PROBLEM DETAILS: Retype, without changes, every line from the line that contains "Image type: chart (chart)" through the final line of the records. Exclude pictures.

MATERIAL TO PROCESS:
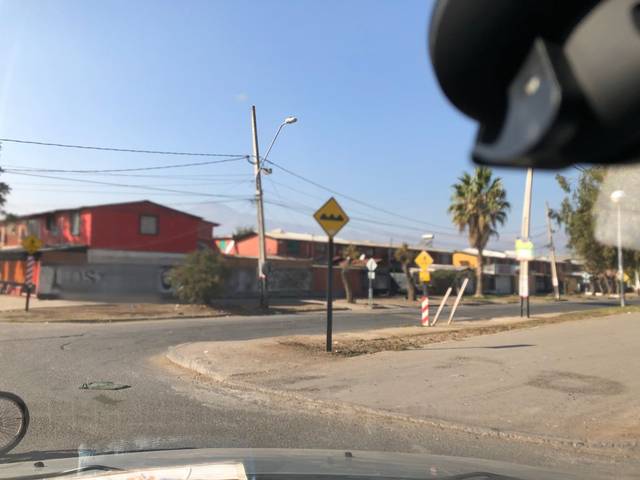
Region: Chile
Coordinates: -33.624, -70.597
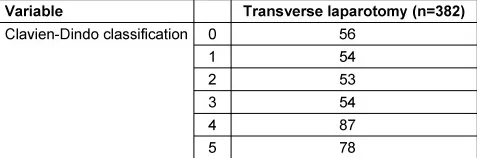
Results according to type of incision.
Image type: chart (chart)
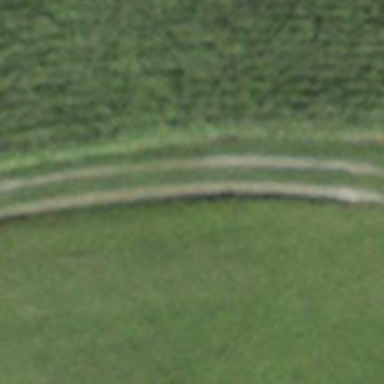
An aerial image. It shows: Track with grade 2 tracktype.
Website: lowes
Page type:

ANSWER SECTION:
Image type: chart (chart)
An aerial image. It shows: Track with grade 2 tracktype.
Website: lowes
Page type:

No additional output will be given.